Afghanistan: Women judges prosecuted by former detainees – Taliban release them

The 250 women judges in the Afghanistan fear for their lives as men they once sent to prison have now been released from prison. Taliban and stalk them.

According to Reuters, some judges have managed to leave the country in recent weeks, but most have remained and are still trying to leave.
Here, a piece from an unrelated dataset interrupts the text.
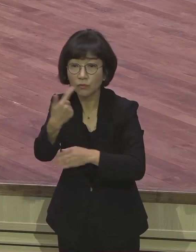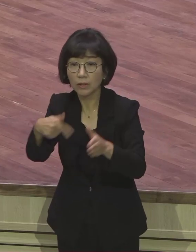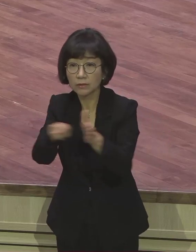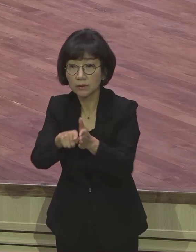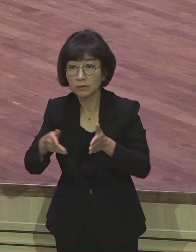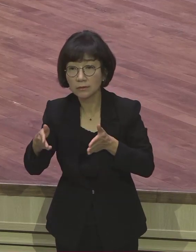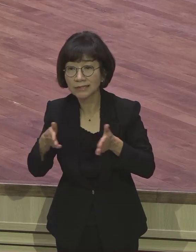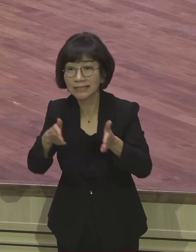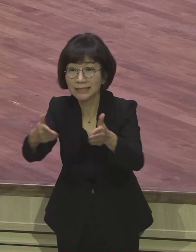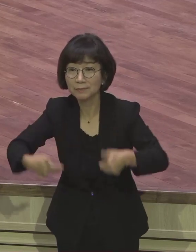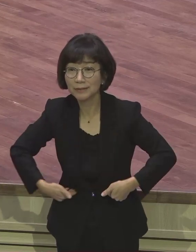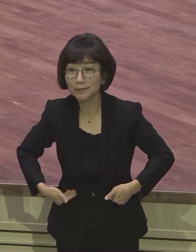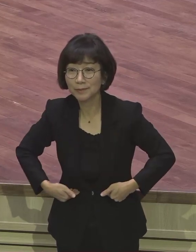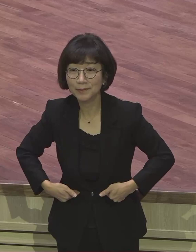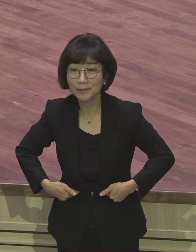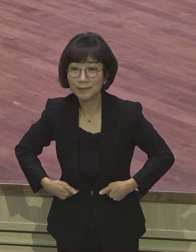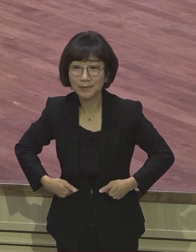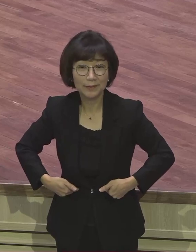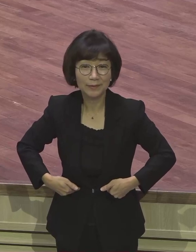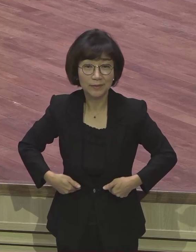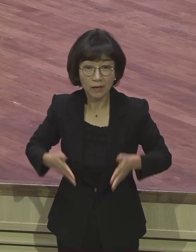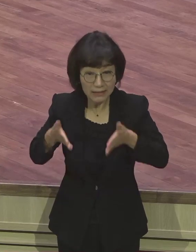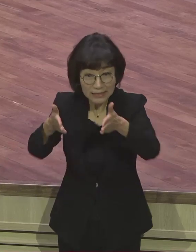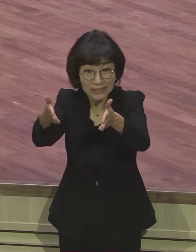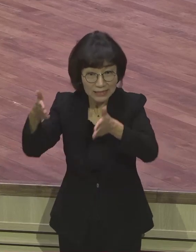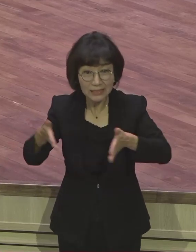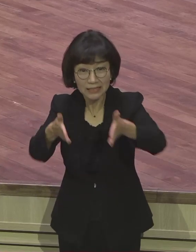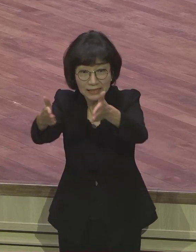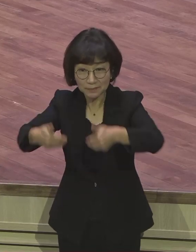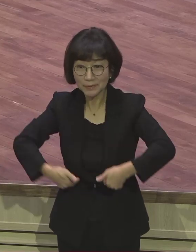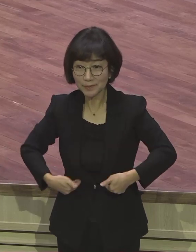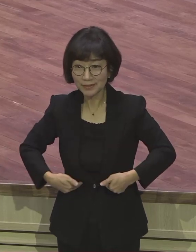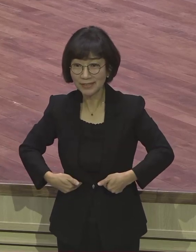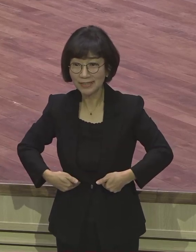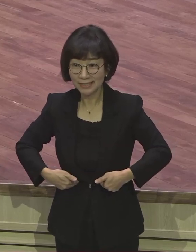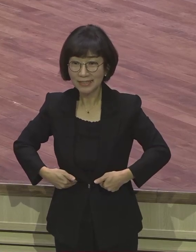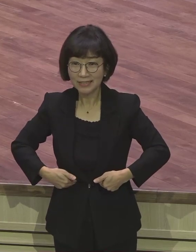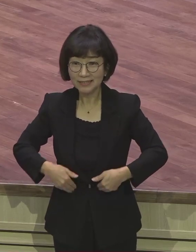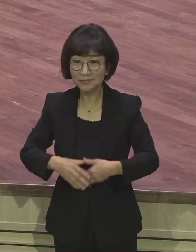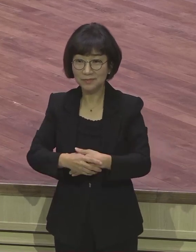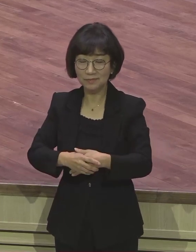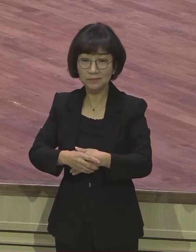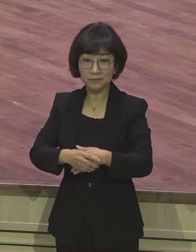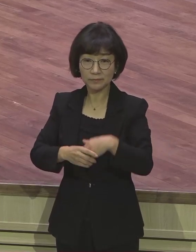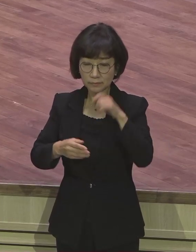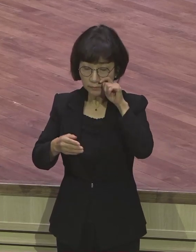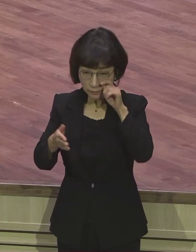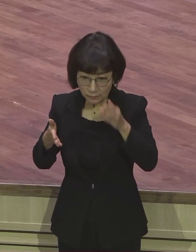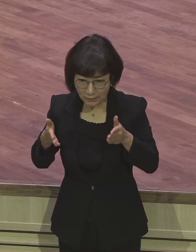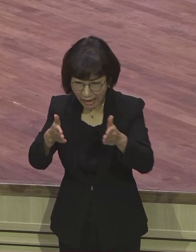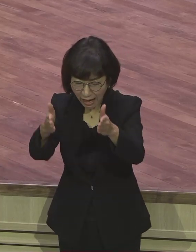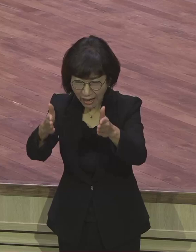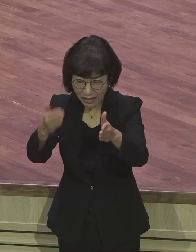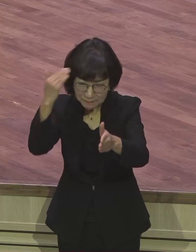가장 중요한 것이 뭐냐. 도로에서 도로. 도로가 중요합니다. 모든 걸림돌을 다
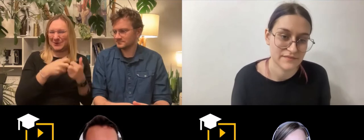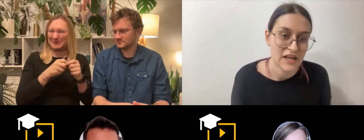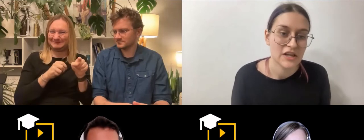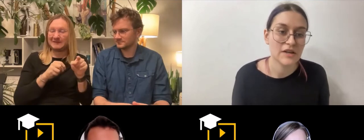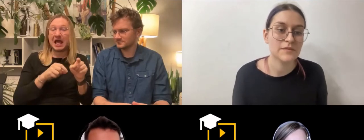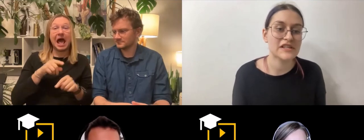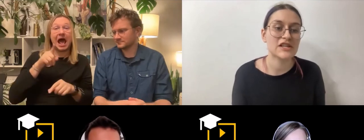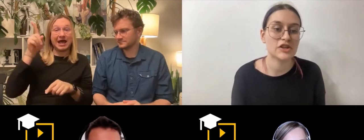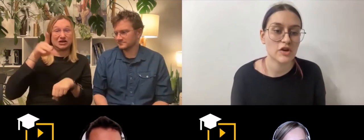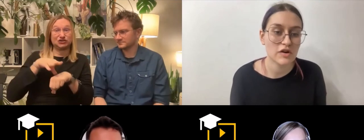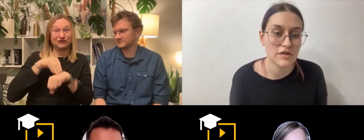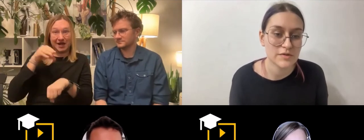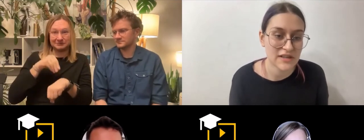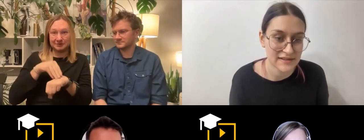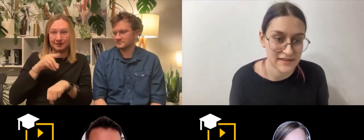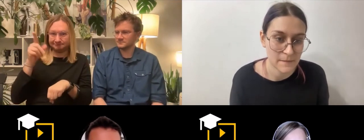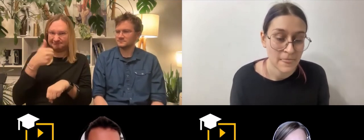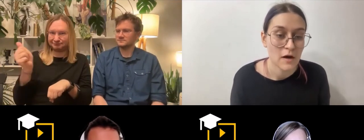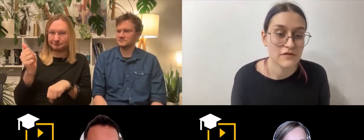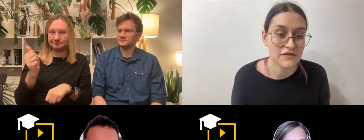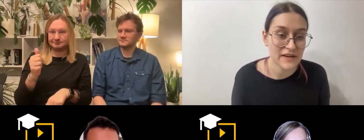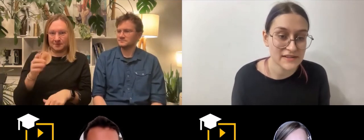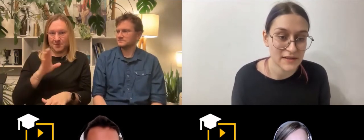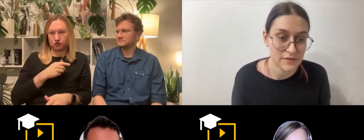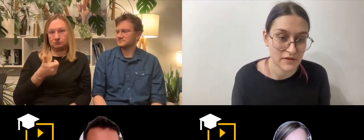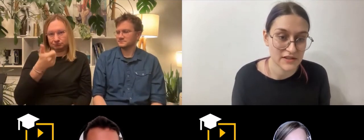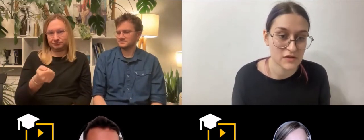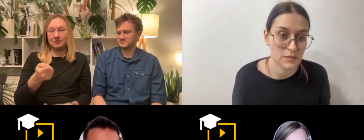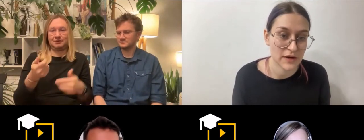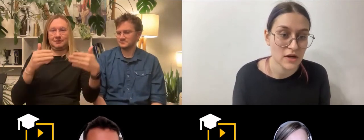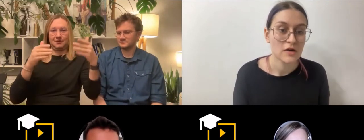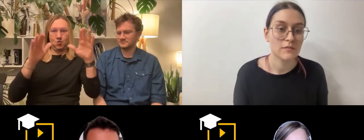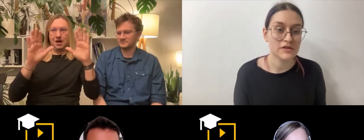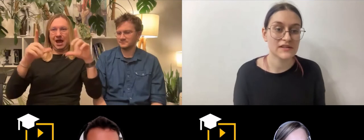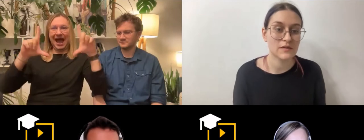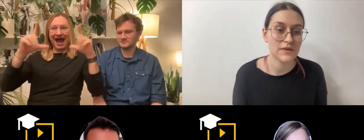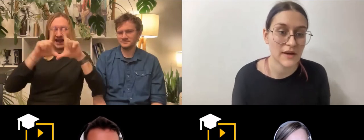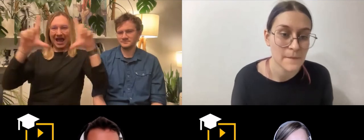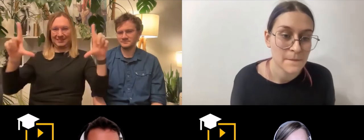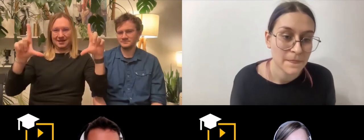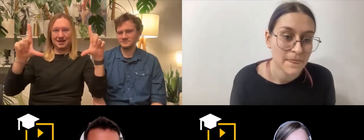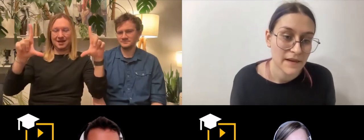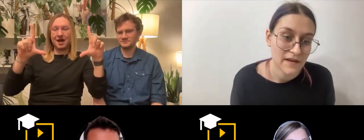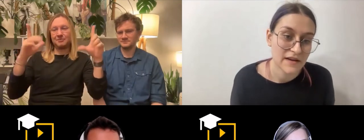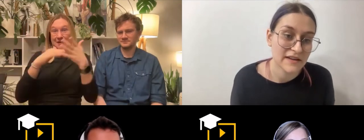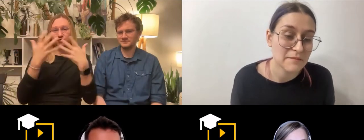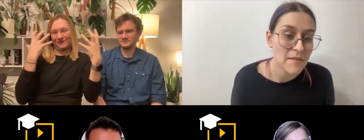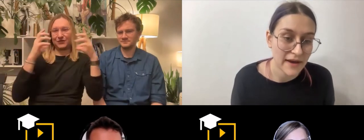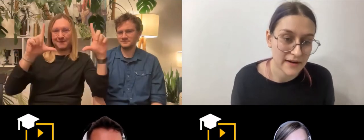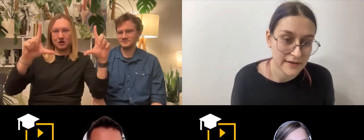I myślę, że to przeszkadza. W Szwecji na przykład jest super. Można sobie, jak mamy ekran,

The Taliban, which seized power last month as the United States withdrew its troops, had banned women from practicing most professions when he was in power again, 20 years ago.

They have said they will protect them rights of women, but have not yet provided details.

Women working in the field of justice are already targets, the international agency reports. In January two female judges were shot dead of the Supreme Court.

The Taliban have now released detainees across the country, which “actually puts the lives of women judges in danger,” a senior Afghan judge who fled to Europe told Reuters, but did not say in which country.

In Kabul“Four or five Taliban members came to my house and asked, ‘Where is this judge?’ “They were people I had sent to prison,” she said in an interview with the same media outlet, asking not to be named.

This woman is one of the few Afghan women who in recent weeks managed to leave the country with the help of volunteer activists for human rights and foreign colleagues in the International Association of Women Judges.

Since then, she has been in contact with colleagues in her homeland: “Their messages are of fear and utter terror. They tell me that if they do not save them, their lives are found in immediate danger».

In addition to the judges, there are about a thousand other women, human rights defenders, which are also endangered by the Taliban, says Chorus Mosadik, an Afghan human rights activist.

The released prisoners “call threatening the lives of women judges, women prosecutors and women police officers telling them ‘we will chase you‘».